▶ _PROVIDED INFORMATION_
· · · ·

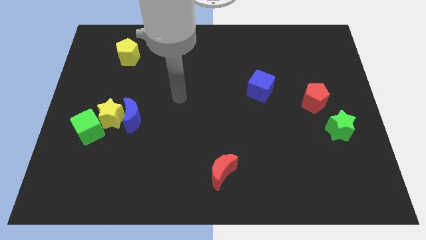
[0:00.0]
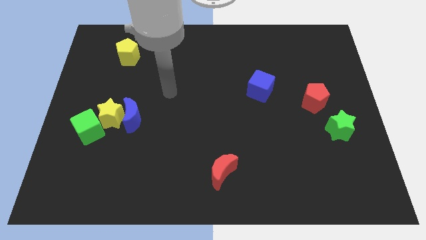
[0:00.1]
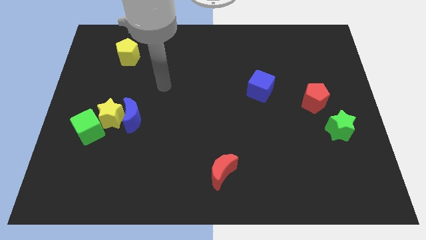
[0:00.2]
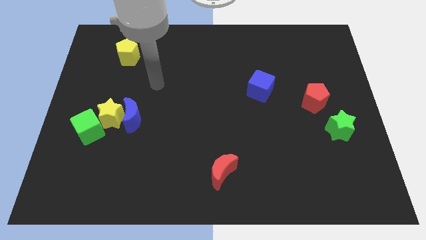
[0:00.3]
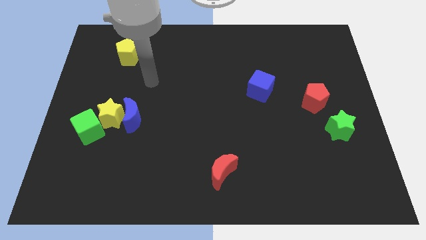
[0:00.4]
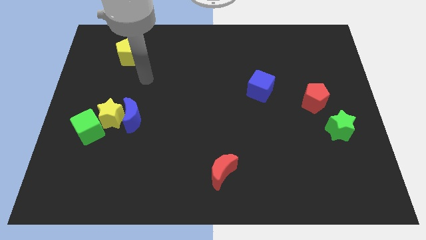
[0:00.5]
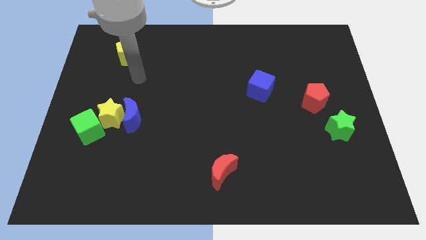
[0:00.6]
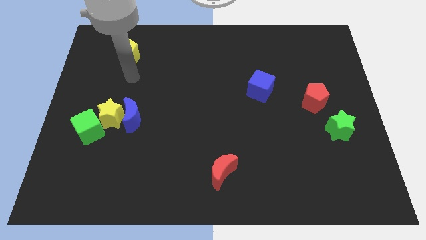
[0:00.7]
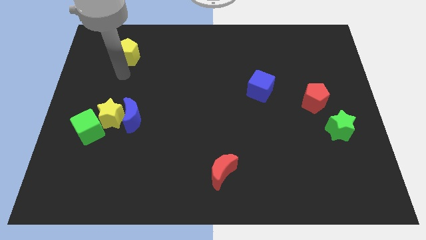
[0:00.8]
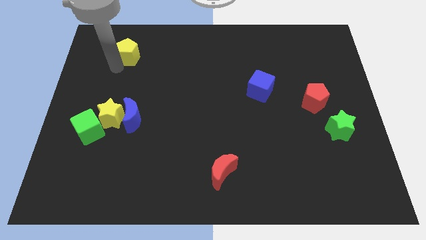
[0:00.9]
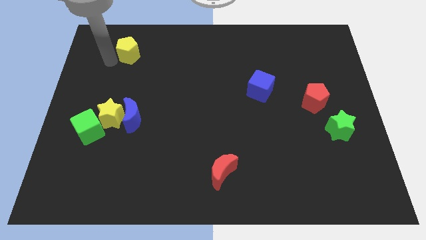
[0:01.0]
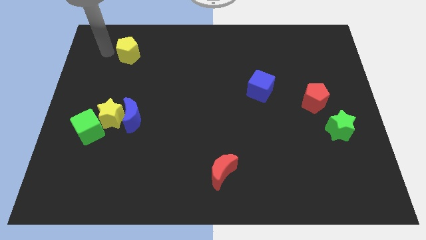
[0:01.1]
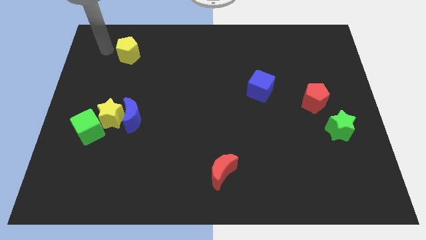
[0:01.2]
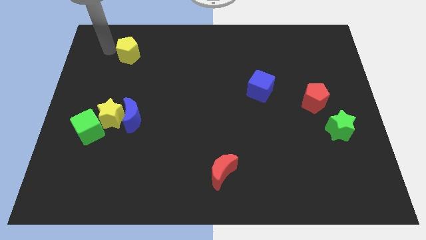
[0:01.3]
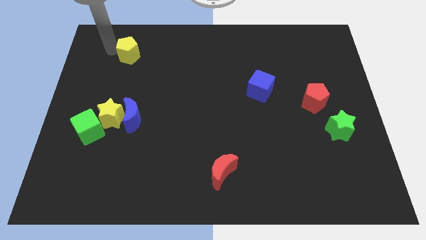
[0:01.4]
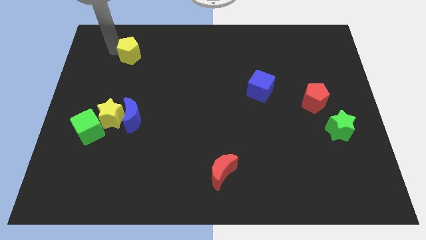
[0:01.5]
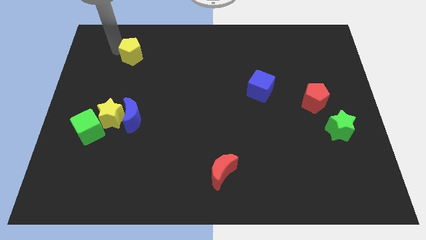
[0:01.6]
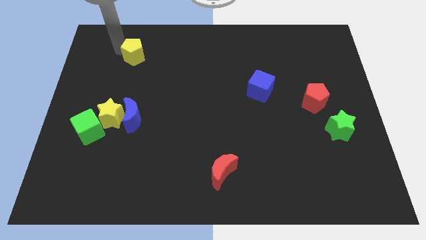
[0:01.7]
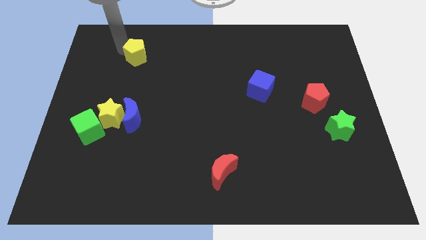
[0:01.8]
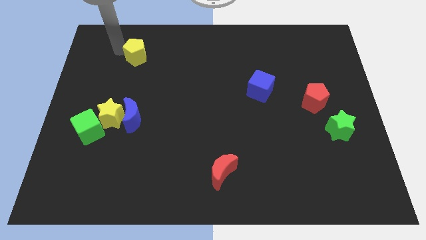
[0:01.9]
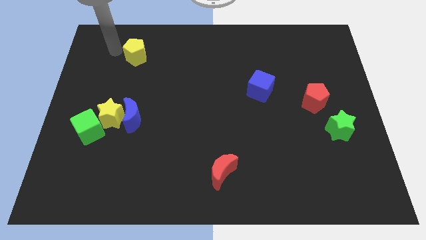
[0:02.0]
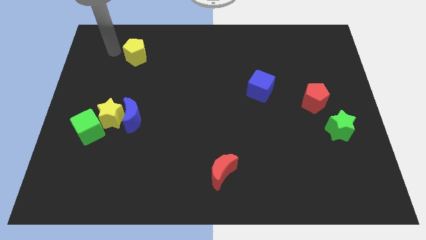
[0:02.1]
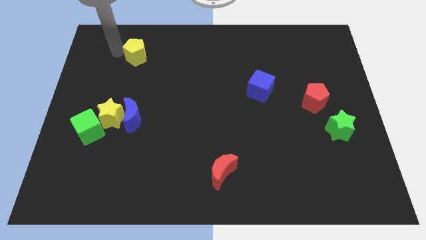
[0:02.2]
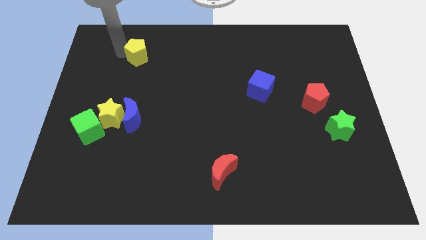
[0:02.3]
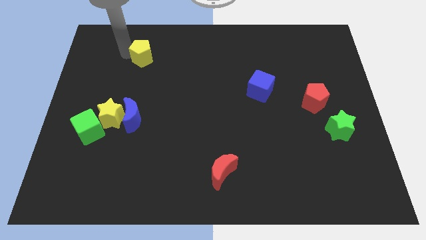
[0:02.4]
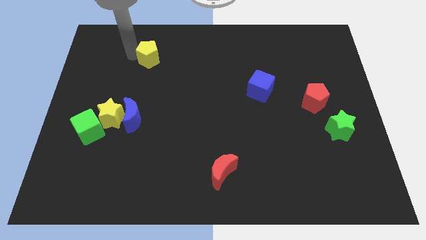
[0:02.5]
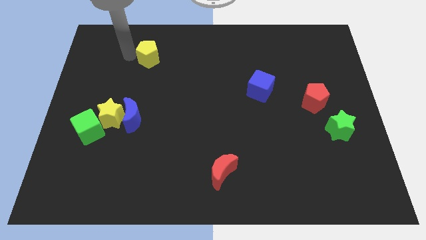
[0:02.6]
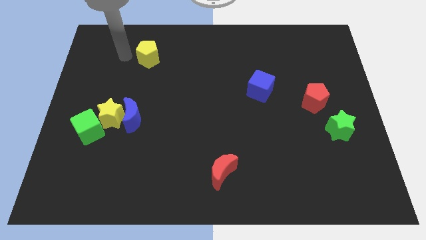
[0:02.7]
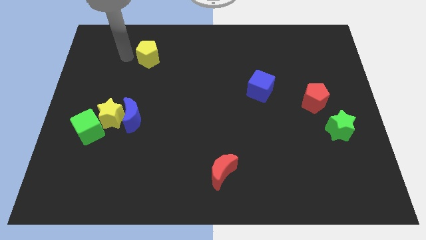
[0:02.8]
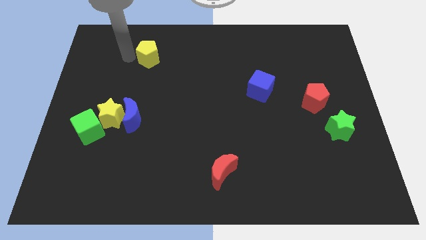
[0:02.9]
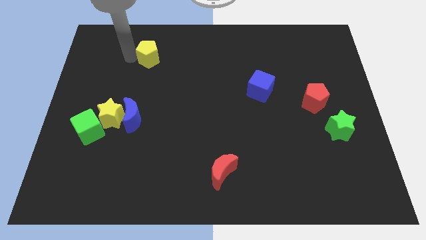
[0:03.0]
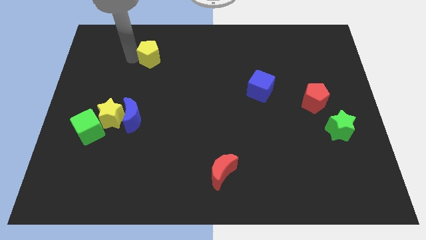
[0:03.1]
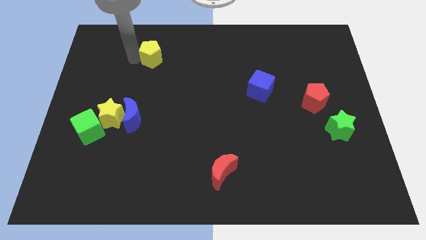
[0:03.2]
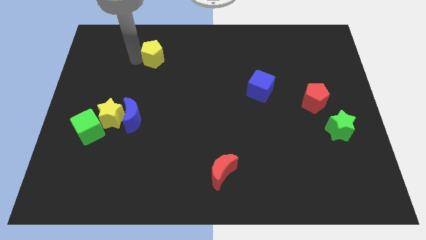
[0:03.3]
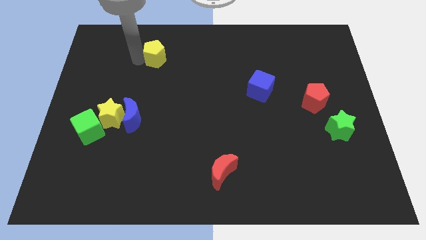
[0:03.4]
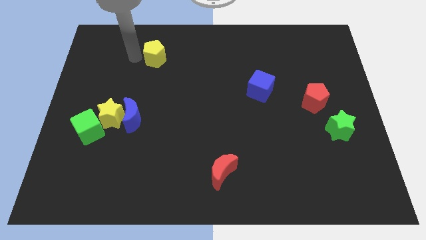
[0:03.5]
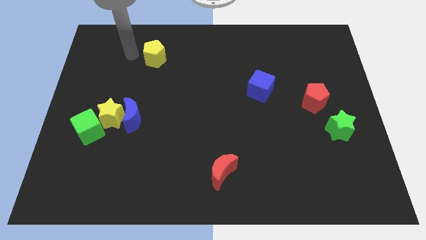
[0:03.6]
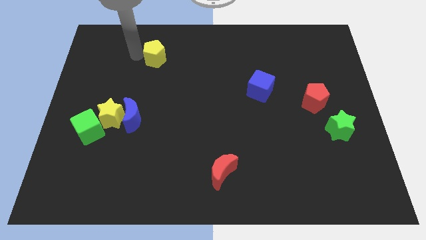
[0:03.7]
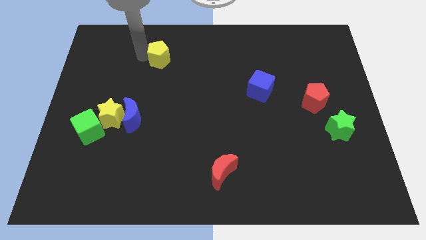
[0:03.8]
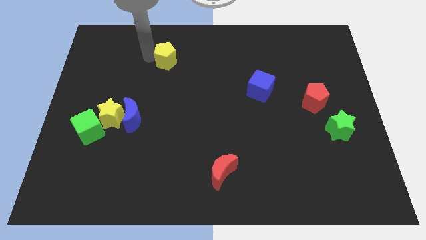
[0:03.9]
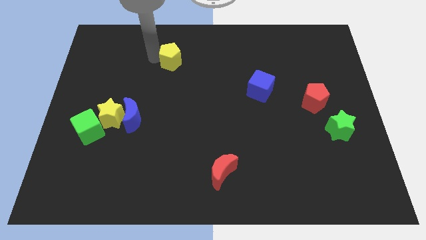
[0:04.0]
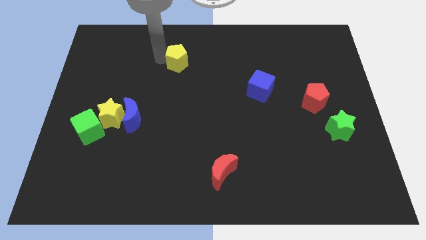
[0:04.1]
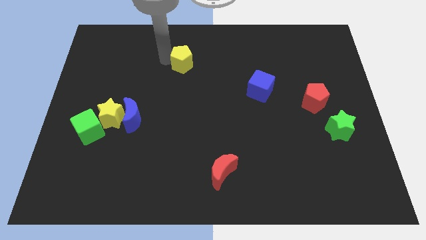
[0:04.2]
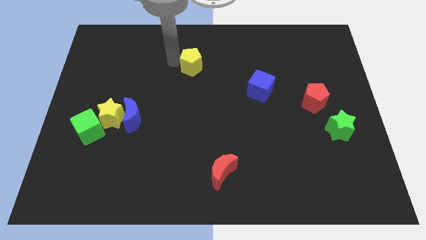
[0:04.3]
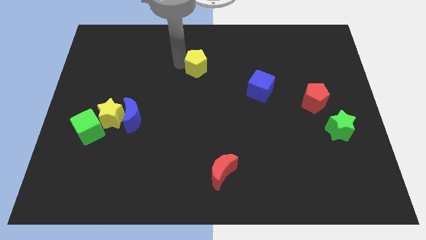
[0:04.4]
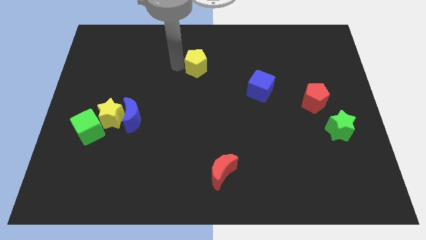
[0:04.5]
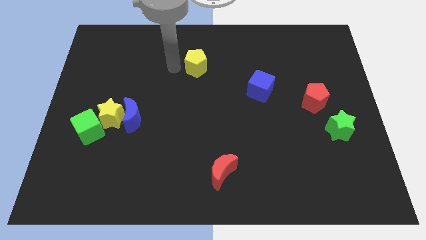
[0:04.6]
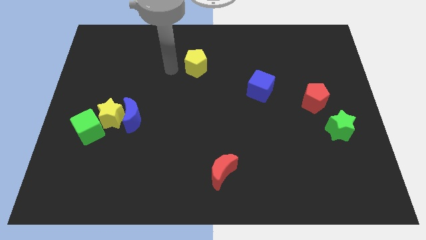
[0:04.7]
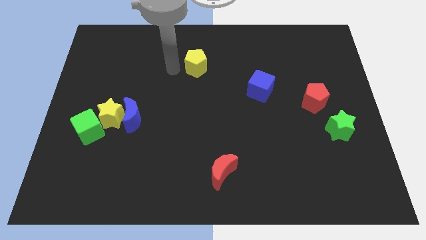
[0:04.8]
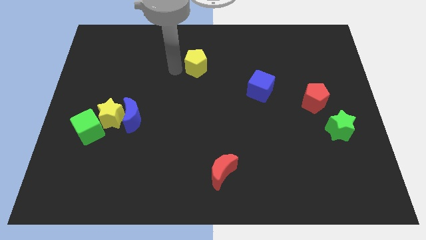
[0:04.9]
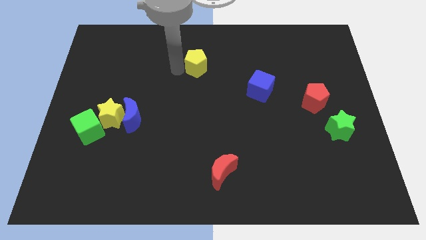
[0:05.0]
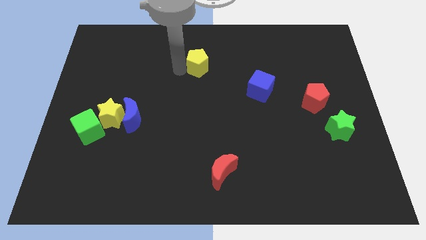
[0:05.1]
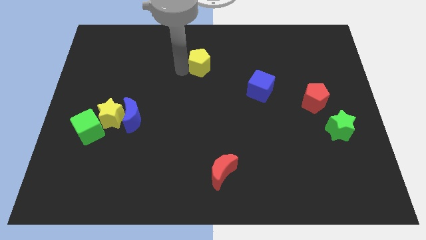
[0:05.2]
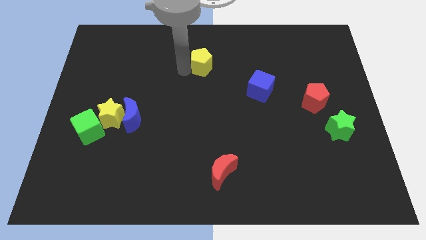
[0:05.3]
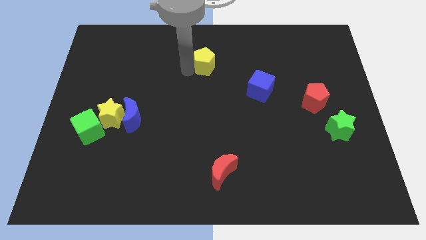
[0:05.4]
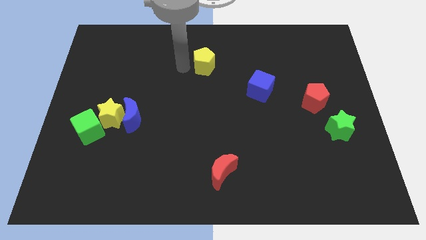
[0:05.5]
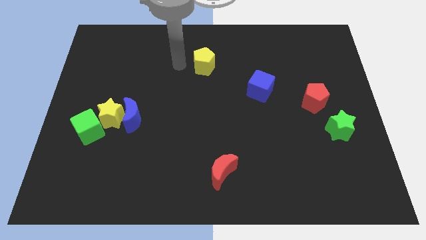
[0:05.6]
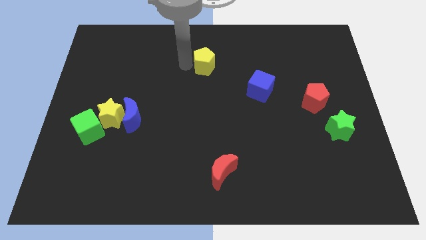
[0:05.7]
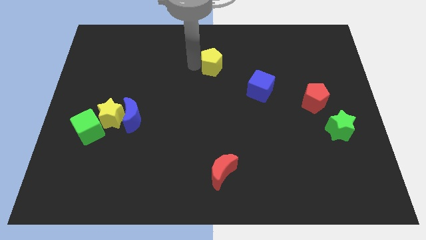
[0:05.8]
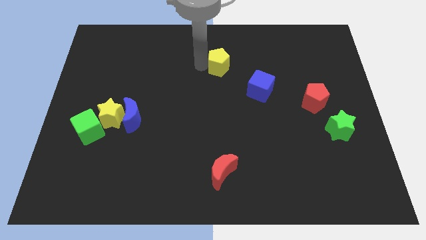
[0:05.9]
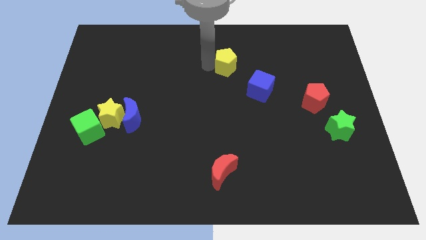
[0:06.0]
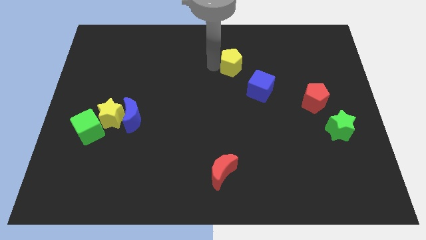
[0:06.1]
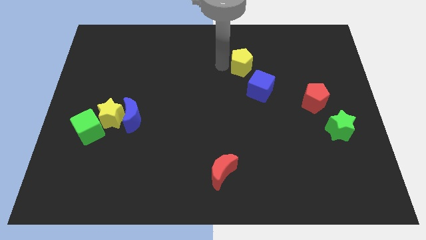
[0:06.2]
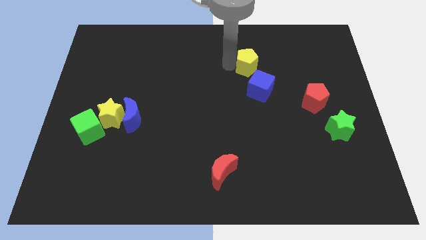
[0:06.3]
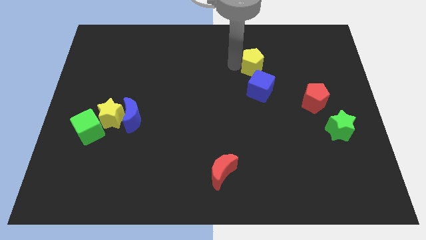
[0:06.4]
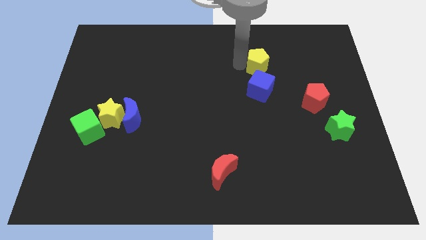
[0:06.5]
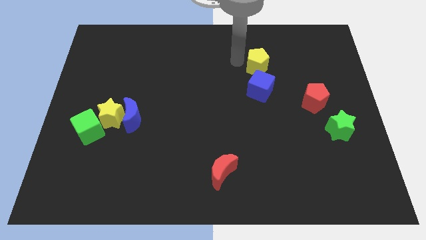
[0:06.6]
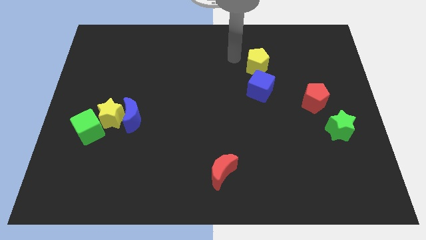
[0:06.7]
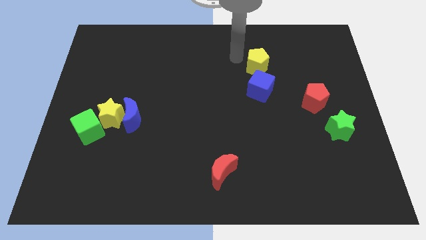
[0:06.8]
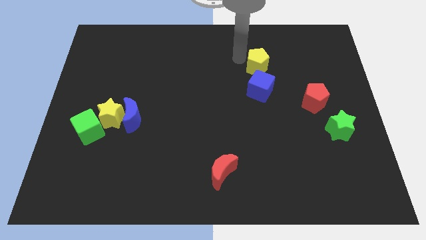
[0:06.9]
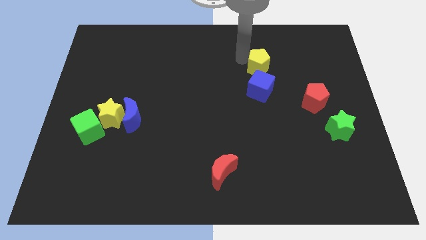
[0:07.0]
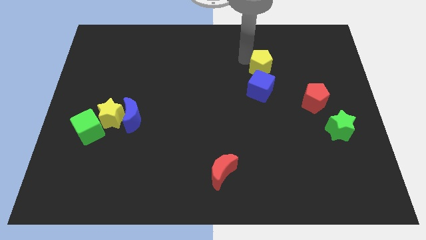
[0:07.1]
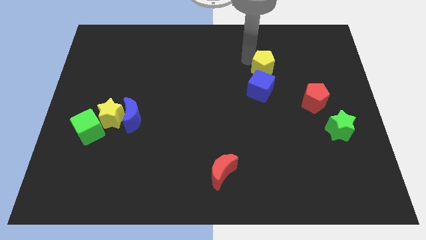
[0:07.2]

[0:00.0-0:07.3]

· · · ·

▶ _REQUIREMENT_
The listing is to be repeated word for word, with all pictures omitted.

▶ _RESULT OF THE TASK_
[0:00.0]
[0:00.1]
[0:00.2]
[0:00.3]
[0:00.4]
[0:00.5]
[0:00.6]
[0:00.7]
[0:00.8]
[0:00.9]
[0:01.0]
[0:01.1]
[0:01.2]
[0:01.3]
[0:01.4]
[0:01.5]
[0:01.6]
[0:01.7]
[0:01.8]
[0:01.9]
[0:02.0]
[0:02.1]
[0:02.2]
[0:02.3]
[0:02.4]
[0:02.5]
[0:02.6]
[0:02.7]
[0:02.8]
[0:02.9]
[0:03.0]
[0:03.1]
[0:03.2]
[0:03.3]
[0:03.4]
[0:03.5]
[0:03.6]
[0:03.7]
[0:03.8]
[0:03.9]
[0:04.0]
[0:04.1]
[0:04.2]
[0:04.3]
[0:04.4]
[0:04.5]
[0:04.6]
[0:04.7]
[0:04.8]
[0:04.9]
[0:05.0]
[0:05.1]
[0:05.2]
[0:05.3]
[0:05.4]
[0:05.5]
[0:05.6]
[0:05.7]
[0:05.8]
[0:05.9]
[0:06.0]
[0:06.1]
[0:06.2]
[0:06.3]
[0:06.4]
[0:06.5]
[0:06.6]
[0:06.7]
[0:06.8]
[0:06.9]
[0:07.0]
[0:07.1]
[0:07.2]

[0:00.0-0:07.3]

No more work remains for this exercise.